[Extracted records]
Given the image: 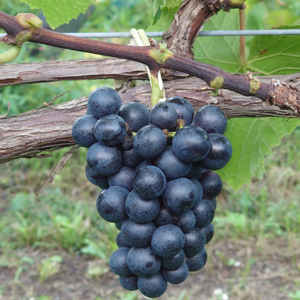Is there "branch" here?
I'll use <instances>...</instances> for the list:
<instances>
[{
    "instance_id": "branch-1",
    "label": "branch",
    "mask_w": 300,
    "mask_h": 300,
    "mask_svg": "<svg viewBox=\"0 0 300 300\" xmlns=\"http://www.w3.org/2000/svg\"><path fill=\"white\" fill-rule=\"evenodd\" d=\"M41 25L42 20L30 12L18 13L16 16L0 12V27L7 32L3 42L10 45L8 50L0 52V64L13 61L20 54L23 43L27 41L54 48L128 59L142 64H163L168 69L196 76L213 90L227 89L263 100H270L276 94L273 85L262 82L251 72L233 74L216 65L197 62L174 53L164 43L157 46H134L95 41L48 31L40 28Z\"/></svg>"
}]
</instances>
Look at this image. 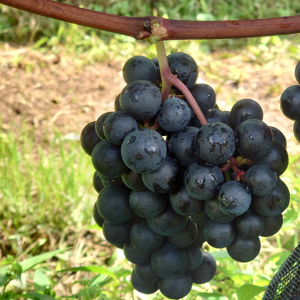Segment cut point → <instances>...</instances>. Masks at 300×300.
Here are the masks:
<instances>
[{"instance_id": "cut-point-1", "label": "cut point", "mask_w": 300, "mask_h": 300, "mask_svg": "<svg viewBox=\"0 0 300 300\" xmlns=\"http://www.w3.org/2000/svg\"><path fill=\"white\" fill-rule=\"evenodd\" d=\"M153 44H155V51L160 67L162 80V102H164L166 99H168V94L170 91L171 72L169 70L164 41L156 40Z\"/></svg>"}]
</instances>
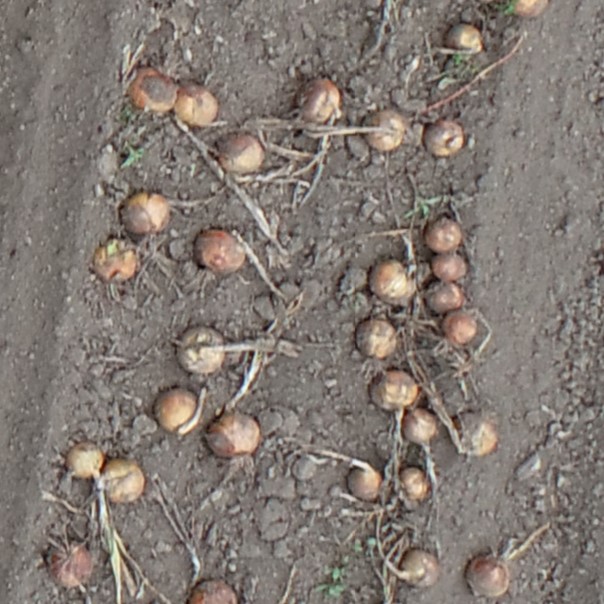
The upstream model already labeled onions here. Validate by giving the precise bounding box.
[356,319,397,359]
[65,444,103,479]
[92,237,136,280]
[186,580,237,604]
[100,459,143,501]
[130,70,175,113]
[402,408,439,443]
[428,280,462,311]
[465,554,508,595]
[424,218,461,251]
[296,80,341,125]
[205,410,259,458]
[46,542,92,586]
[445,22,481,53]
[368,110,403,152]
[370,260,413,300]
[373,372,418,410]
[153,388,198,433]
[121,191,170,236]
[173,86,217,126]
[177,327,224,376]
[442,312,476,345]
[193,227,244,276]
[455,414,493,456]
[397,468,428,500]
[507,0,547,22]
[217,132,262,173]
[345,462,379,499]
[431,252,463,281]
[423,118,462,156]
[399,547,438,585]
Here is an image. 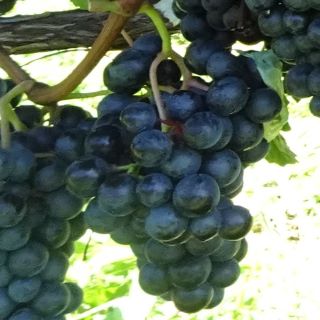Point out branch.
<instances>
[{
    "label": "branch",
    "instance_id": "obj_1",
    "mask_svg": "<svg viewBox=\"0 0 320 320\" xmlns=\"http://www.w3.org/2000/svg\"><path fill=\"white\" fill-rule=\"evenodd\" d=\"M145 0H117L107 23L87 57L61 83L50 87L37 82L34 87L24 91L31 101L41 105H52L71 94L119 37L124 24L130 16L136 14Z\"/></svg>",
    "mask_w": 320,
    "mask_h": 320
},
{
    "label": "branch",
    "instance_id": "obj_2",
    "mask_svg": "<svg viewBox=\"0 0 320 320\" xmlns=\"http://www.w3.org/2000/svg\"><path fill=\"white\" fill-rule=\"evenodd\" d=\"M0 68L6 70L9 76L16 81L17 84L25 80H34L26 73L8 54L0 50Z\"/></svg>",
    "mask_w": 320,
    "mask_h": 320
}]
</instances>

▶ **Task description**: Find the string "fill" in the data. Report each line it appears in.

▶ **Reply to the task**:
    "mask_svg": "<svg viewBox=\"0 0 300 300\" xmlns=\"http://www.w3.org/2000/svg\"><path fill=\"white\" fill-rule=\"evenodd\" d=\"M41 25L42 20L30 12L18 13L16 16L0 12V27L7 32L3 42L10 45L8 50L0 52V64L13 61L20 54L23 43L27 41L54 48L128 59L142 64H163L168 69L196 76L213 90L227 89L263 100H270L276 94L273 85L262 82L251 72L233 74L216 65L197 62L174 53L164 43L157 46H134L95 41L48 31L40 28Z\"/></svg>"
[{"instance_id": "cut-point-1", "label": "cut point", "mask_w": 300, "mask_h": 300, "mask_svg": "<svg viewBox=\"0 0 300 300\" xmlns=\"http://www.w3.org/2000/svg\"><path fill=\"white\" fill-rule=\"evenodd\" d=\"M153 44H155V51L160 67L162 80V102H164L166 99H168V94L170 91L171 72L169 70L164 41L156 40Z\"/></svg>"}]
    "mask_svg": "<svg viewBox=\"0 0 320 320\" xmlns=\"http://www.w3.org/2000/svg\"><path fill=\"white\" fill-rule=\"evenodd\" d=\"M145 0H117L107 23L87 57L61 83L50 87L37 82L34 87L24 91L31 101L41 105H52L71 94L119 37L124 24L130 16L136 14Z\"/></svg>",
    "mask_svg": "<svg viewBox=\"0 0 320 320\" xmlns=\"http://www.w3.org/2000/svg\"><path fill=\"white\" fill-rule=\"evenodd\" d=\"M0 68L6 70L9 76L16 81L17 84L25 80H34L26 73L8 54L0 50Z\"/></svg>",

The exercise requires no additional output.